◆ Work to be completed ◆
Print the material below exactly as it stands, please, from its first line to the line holding "དེར་མ་བཤད་པའི་རྩོད་པ་སྤོང་བའོ། །དང་པོ་ནི། རང་འགྲེལ་ལས།", with no pictures.

◆ Listed entries ◆
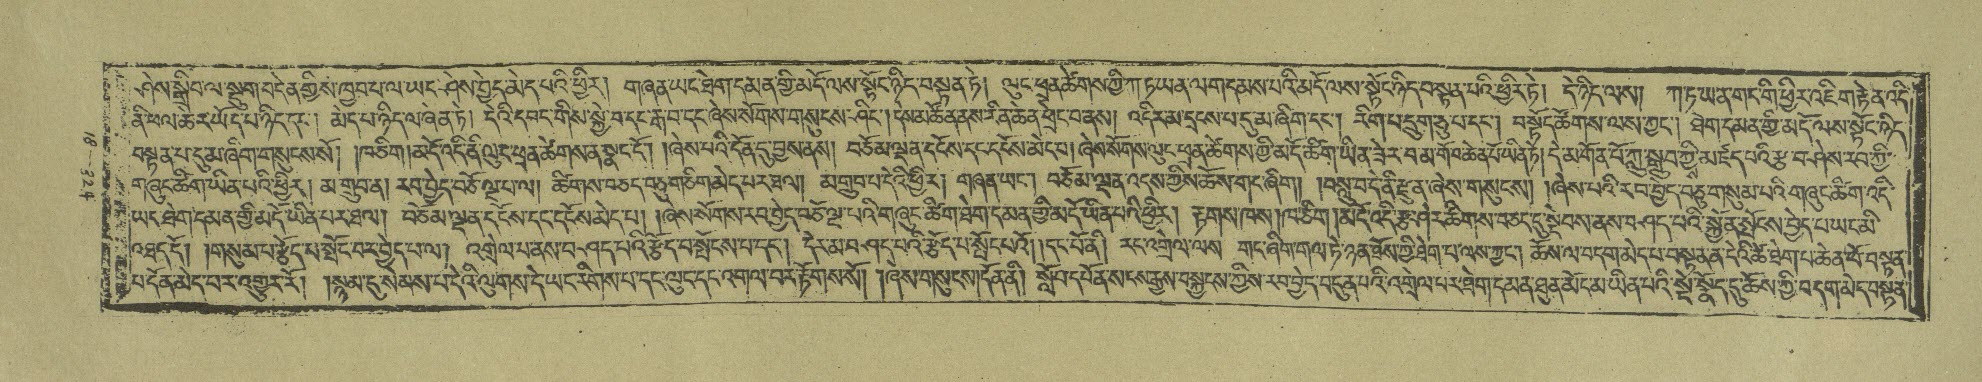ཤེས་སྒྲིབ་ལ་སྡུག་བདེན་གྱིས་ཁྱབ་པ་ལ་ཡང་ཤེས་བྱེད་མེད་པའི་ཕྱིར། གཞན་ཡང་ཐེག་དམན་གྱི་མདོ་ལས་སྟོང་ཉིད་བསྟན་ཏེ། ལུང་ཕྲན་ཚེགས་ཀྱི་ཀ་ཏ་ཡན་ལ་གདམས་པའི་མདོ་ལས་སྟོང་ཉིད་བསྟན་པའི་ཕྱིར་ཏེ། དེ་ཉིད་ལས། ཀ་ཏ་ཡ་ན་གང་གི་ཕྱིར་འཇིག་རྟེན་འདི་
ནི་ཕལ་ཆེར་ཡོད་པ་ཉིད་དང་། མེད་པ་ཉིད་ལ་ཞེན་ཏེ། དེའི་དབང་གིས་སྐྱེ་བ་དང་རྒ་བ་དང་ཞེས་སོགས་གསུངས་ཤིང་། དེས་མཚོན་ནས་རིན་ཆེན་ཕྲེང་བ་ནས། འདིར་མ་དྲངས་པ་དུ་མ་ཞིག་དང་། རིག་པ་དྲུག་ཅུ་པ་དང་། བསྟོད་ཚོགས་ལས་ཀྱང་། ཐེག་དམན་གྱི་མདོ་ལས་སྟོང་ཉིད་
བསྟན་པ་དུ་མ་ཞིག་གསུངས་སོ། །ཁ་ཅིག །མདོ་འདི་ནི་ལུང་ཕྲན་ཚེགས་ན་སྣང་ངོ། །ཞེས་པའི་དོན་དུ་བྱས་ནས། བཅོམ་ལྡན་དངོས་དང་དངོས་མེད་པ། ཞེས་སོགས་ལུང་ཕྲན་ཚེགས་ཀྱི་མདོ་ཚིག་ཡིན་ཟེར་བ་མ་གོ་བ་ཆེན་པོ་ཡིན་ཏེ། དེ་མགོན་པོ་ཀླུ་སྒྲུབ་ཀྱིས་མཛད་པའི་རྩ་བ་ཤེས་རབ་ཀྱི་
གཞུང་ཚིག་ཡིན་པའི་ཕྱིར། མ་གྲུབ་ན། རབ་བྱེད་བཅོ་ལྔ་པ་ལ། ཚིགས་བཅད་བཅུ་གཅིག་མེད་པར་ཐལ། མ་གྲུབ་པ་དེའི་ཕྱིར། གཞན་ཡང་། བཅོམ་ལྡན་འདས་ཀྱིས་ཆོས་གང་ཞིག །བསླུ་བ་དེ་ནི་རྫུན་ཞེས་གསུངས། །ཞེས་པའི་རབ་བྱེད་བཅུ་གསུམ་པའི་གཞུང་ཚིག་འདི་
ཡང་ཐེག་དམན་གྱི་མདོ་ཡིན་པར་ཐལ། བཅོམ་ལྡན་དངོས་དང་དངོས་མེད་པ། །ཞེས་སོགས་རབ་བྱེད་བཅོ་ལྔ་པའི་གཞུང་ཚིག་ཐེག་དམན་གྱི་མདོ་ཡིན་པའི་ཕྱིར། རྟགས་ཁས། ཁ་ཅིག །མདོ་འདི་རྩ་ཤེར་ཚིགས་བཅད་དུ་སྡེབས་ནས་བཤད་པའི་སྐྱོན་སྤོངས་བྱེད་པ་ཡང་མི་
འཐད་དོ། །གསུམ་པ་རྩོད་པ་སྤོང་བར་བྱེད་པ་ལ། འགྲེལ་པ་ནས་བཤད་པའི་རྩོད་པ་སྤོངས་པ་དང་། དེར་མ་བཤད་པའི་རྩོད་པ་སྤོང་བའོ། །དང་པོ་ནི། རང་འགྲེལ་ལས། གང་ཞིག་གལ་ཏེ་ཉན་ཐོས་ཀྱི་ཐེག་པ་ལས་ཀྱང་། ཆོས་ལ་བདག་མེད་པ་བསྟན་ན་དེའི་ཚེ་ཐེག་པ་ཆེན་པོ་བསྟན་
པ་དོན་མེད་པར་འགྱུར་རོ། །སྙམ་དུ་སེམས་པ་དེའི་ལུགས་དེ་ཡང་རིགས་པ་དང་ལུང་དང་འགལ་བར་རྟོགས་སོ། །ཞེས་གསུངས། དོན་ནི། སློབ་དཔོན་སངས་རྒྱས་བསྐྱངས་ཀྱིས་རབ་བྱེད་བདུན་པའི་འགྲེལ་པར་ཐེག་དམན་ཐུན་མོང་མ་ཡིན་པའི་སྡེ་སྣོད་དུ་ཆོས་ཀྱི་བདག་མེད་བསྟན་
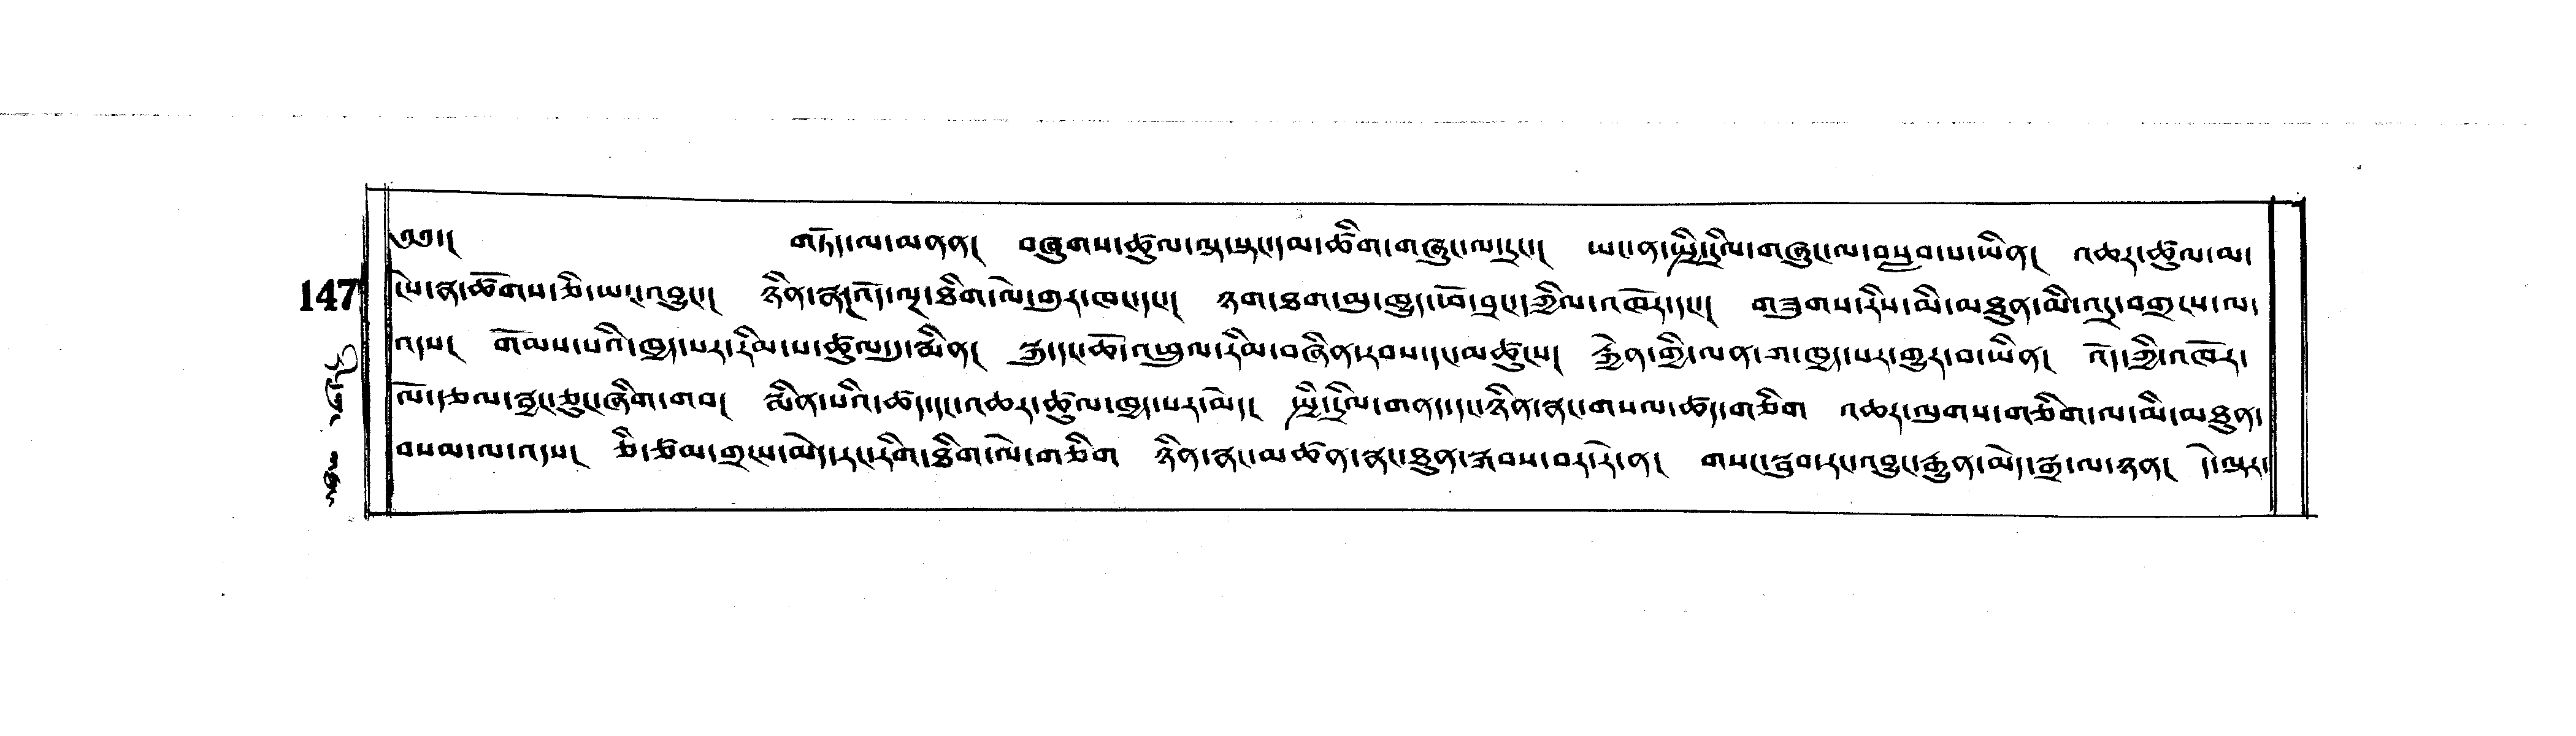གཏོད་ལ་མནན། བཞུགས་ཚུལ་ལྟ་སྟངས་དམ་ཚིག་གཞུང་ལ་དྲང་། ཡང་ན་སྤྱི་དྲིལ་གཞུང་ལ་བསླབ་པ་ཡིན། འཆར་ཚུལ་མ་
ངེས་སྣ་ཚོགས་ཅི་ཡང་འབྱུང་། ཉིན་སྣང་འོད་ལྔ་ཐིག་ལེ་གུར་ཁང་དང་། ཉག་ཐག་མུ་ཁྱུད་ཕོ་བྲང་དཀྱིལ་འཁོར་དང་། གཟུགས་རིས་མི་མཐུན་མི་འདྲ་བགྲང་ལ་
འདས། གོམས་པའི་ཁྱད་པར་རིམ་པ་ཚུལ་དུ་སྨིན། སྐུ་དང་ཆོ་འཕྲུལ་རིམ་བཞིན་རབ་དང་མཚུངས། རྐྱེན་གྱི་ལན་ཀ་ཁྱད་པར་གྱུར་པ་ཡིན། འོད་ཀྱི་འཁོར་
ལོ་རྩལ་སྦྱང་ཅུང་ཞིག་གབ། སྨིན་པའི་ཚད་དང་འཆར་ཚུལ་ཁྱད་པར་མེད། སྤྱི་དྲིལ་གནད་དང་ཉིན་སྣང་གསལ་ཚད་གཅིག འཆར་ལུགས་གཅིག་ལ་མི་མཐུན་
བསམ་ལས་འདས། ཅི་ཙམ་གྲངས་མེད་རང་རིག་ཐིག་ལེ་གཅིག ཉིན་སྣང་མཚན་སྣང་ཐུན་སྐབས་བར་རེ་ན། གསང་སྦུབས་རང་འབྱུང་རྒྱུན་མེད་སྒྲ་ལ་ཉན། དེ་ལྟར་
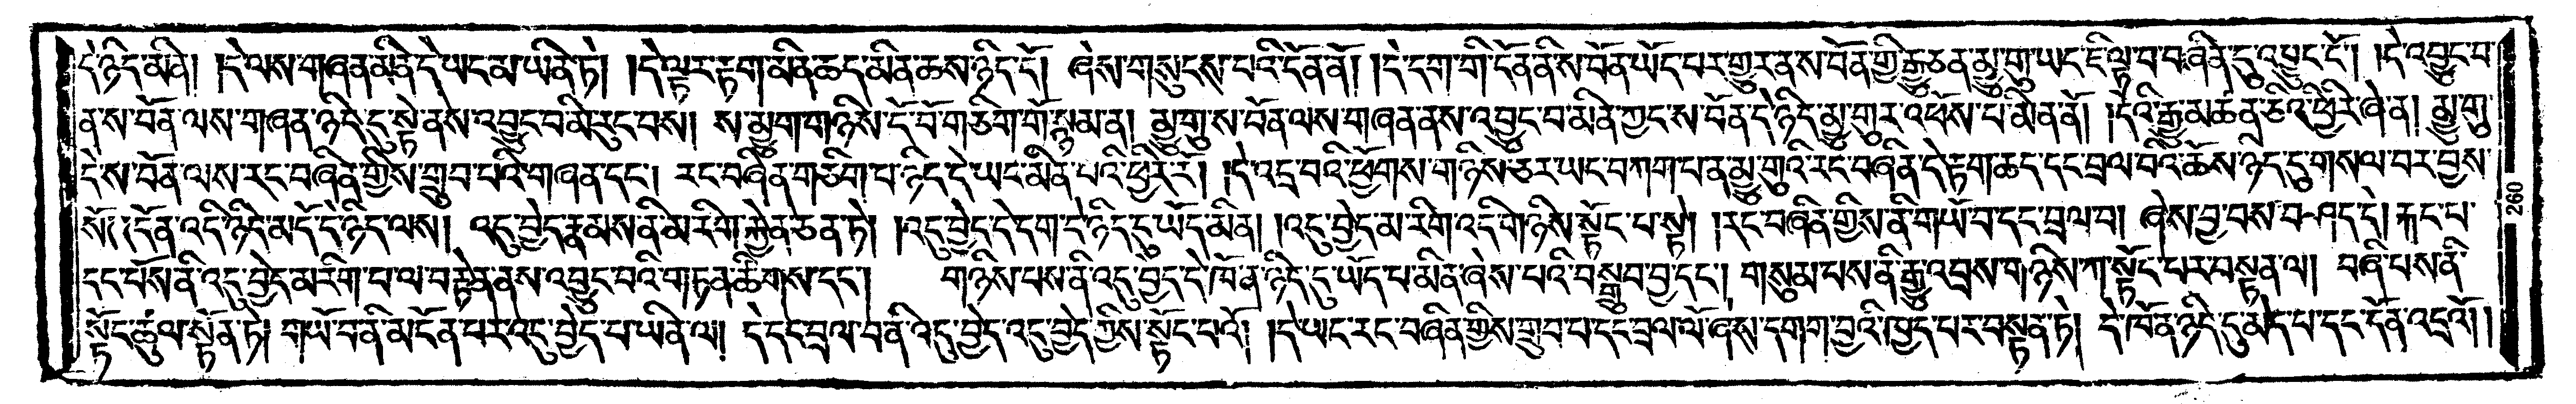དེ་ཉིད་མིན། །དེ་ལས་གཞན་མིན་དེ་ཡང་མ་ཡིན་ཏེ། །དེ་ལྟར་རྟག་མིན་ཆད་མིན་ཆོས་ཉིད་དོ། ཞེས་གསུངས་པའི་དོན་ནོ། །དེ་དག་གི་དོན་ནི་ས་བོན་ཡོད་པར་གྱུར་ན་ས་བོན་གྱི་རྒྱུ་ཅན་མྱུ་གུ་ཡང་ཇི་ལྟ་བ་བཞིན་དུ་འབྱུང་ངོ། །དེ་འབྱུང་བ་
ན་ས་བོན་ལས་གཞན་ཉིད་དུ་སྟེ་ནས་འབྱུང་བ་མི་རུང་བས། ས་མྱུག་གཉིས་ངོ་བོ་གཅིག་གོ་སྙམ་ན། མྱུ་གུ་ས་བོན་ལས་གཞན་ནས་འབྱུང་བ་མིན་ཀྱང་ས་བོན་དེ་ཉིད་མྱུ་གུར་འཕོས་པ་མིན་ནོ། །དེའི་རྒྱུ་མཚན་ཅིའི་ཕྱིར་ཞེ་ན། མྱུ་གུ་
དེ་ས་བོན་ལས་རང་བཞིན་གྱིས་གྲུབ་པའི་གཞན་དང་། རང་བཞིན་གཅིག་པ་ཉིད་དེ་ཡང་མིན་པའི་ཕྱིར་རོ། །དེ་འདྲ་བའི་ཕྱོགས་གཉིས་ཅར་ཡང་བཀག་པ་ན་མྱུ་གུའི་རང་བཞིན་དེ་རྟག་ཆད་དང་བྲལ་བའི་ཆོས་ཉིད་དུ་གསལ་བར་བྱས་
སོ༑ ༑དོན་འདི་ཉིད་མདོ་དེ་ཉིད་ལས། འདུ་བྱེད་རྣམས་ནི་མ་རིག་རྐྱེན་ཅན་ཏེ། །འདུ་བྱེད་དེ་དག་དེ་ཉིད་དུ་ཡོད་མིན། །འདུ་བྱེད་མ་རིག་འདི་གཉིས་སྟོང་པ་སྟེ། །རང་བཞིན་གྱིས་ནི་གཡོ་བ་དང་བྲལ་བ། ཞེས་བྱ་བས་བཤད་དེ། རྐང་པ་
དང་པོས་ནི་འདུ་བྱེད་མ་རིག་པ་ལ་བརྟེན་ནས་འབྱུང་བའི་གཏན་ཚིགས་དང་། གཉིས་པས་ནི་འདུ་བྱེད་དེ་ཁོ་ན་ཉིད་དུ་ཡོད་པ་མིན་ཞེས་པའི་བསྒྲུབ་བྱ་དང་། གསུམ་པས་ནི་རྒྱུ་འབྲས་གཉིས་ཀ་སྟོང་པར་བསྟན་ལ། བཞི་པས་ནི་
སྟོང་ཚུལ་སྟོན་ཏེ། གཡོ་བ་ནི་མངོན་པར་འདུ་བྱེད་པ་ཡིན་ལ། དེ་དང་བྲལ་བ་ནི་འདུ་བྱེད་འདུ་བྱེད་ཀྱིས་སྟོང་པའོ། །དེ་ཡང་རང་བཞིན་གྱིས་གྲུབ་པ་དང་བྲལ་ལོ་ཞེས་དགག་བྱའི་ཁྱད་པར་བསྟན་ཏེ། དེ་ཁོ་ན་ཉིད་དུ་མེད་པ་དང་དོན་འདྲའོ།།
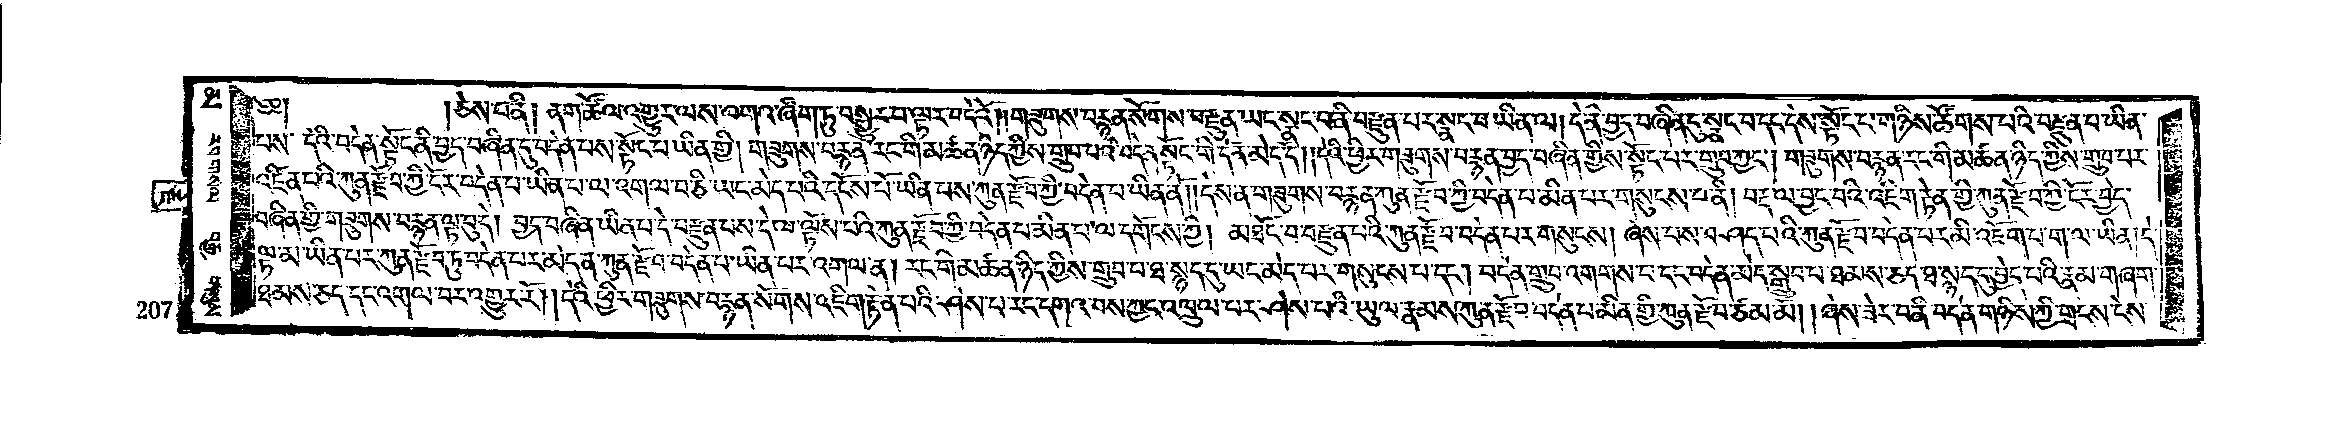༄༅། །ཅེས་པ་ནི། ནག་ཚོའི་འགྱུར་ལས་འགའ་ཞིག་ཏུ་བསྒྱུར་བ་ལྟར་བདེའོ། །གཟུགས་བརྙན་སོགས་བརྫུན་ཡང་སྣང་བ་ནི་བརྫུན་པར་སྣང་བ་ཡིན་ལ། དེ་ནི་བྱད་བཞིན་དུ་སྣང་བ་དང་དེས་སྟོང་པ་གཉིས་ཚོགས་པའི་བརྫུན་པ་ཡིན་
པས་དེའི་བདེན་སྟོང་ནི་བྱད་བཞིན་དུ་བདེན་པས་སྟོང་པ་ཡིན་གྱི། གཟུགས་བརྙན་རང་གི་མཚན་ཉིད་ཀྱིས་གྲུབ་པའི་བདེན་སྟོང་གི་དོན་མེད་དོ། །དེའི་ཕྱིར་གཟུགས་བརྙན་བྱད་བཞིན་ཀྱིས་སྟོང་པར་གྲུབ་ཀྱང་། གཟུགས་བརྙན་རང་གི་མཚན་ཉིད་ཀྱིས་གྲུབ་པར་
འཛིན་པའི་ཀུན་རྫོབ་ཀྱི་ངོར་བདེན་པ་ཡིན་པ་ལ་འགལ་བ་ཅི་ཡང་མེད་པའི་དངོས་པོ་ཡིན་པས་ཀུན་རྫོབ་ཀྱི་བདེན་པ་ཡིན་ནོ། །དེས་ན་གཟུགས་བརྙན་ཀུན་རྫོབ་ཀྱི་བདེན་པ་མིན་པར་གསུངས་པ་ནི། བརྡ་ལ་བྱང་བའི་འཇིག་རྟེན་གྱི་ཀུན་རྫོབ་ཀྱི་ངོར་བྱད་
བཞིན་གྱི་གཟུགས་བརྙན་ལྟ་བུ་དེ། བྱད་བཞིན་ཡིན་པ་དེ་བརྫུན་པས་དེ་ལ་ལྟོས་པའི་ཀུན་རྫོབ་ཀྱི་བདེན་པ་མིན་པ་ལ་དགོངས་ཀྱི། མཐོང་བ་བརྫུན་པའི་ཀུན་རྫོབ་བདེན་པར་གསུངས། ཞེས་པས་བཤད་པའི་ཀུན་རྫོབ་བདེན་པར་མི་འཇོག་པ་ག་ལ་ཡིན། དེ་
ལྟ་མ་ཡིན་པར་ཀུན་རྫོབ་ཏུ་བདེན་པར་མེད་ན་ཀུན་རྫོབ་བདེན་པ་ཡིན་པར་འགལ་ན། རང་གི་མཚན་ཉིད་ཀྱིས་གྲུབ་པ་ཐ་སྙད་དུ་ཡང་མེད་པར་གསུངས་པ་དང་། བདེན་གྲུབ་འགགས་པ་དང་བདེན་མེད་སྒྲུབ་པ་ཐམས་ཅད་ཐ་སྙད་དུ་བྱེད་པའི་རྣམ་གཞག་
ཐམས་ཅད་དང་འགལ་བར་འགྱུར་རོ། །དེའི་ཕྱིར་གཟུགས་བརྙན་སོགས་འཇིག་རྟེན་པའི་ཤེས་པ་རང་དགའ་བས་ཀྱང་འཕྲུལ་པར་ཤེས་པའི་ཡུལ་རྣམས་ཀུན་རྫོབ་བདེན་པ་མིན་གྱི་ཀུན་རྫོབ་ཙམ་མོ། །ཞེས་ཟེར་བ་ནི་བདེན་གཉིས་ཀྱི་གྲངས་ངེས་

◆ Reply ◆
ཤེས་སྒྲིབ་ལ་སྡུག་བདེན་གྱིས་ཁྱབ་པ་ལ་ཡང་ཤེས་བྱེད་མེད་པའི་ཕྱིར། གཞན་ཡང་ཐེག་དམན་གྱི་མདོ་ལས་སྟོང་ཉིད་བསྟན་ཏེ། ལུང་ཕྲན་ཚེགས་ཀྱི་ཀ་ཏ་ཡན་ལ་གདམས་པའི་མདོ་ལས་སྟོང་ཉིད་བསྟན་པའི་ཕྱིར་ཏེ། དེ་ཉིད་ལས། ཀ་ཏ་ཡ་ན་གང་གི་ཕྱིར་འཇིག་རྟེན་འདི་
ནི་ཕལ་ཆེར་ཡོད་པ་ཉིད་དང་། མེད་པ་ཉིད་ལ་ཞེན་ཏེ། དེའི་དབང་གིས་སྐྱེ་བ་དང་རྒ་བ་དང་ཞེས་སོགས་གསུངས་ཤིང་། དེས་མཚོན་ནས་རིན་ཆེན་ཕྲེང་བ་ནས། འདིར་མ་དྲངས་པ་དུ་མ་ཞིག་དང་། རིག་པ་དྲུག་ཅུ་པ་དང་། བསྟོད་ཚོགས་ལས་ཀྱང་། ཐེག་དམན་གྱི་མདོ་ལས་སྟོང་ཉིད་
བསྟན་པ་དུ་མ་ཞིག་གསུངས་སོ། །ཁ་ཅིག །མདོ་འདི་ནི་ལུང་ཕྲན་ཚེགས་ན་སྣང་ངོ། །ཞེས་པའི་དོན་དུ་བྱས་ནས། བཅོམ་ལྡན་དངོས་དང་དངོས་མེད་པ། ཞེས་སོགས་ལུང་ཕྲན་ཚེགས་ཀྱི་མདོ་ཚིག་ཡིན་ཟེར་བ་མ་གོ་བ་ཆེན་པོ་ཡིན་ཏེ། དེ་མགོན་པོ་ཀླུ་སྒྲུབ་ཀྱིས་མཛད་པའི་རྩ་བ་ཤེས་རབ་ཀྱི་
གཞུང་ཚིག་ཡིན་པའི་ཕྱིར། མ་གྲུབ་ན། རབ་བྱེད་བཅོ་ལྔ་པ་ལ། ཚིགས་བཅད་བཅུ་གཅིག་མེད་པར་ཐལ། མ་གྲུབ་པ་དེའི་ཕྱིར། གཞན་ཡང་། བཅོམ་ལྡན་འདས་ཀྱིས་ཆོས་གང་ཞིག །བསླུ་བ་དེ་ནི་རྫུན་ཞེས་གསུངས། །ཞེས་པའི་རབ་བྱེད་བཅུ་གསུམ་པའི་གཞུང་ཚིག་འདི་
ཡང་ཐེག་དམན་གྱི་མདོ་ཡིན་པར་ཐལ། བཅོམ་ལྡན་དངོས་དང་དངོས་མེད་པ། །ཞེས་སོགས་རབ་བྱེད་བཅོ་ལྔ་པའི་གཞུང་ཚིག་ཐེག་དམན་གྱི་མདོ་ཡིན་པའི་ཕྱིར། རྟགས་ཁས། ཁ་ཅིག །མདོ་འདི་རྩ་ཤེར་ཚིགས་བཅད་དུ་སྡེབས་ནས་བཤད་པའི་སྐྱོན་སྤོངས་བྱེད་པ་ཡང་མི་
འཐད་དོ། །གསུམ་པ་རྩོད་པ་སྤོང་བར་བྱེད་པ་ལ། འགྲེལ་པ་ནས་བཤད་པའི་རྩོད་པ་སྤོངས་པ་དང་། དེར་མ་བཤད་པའི་རྩོད་པ་སྤོང་བའོ། །དང་པོ་ནི། རང་འགྲེལ་ལས། གང་ཞིག་གལ་ཏེ་ཉན་ཐོས་ཀྱི་ཐེག་པ་ལས་ཀྱང་། ཆོས་ལ་བདག་མེད་པ་བསྟན་ན་དེའི་ཚེ་ཐེག་པ་ཆེན་པོ་བསྟན་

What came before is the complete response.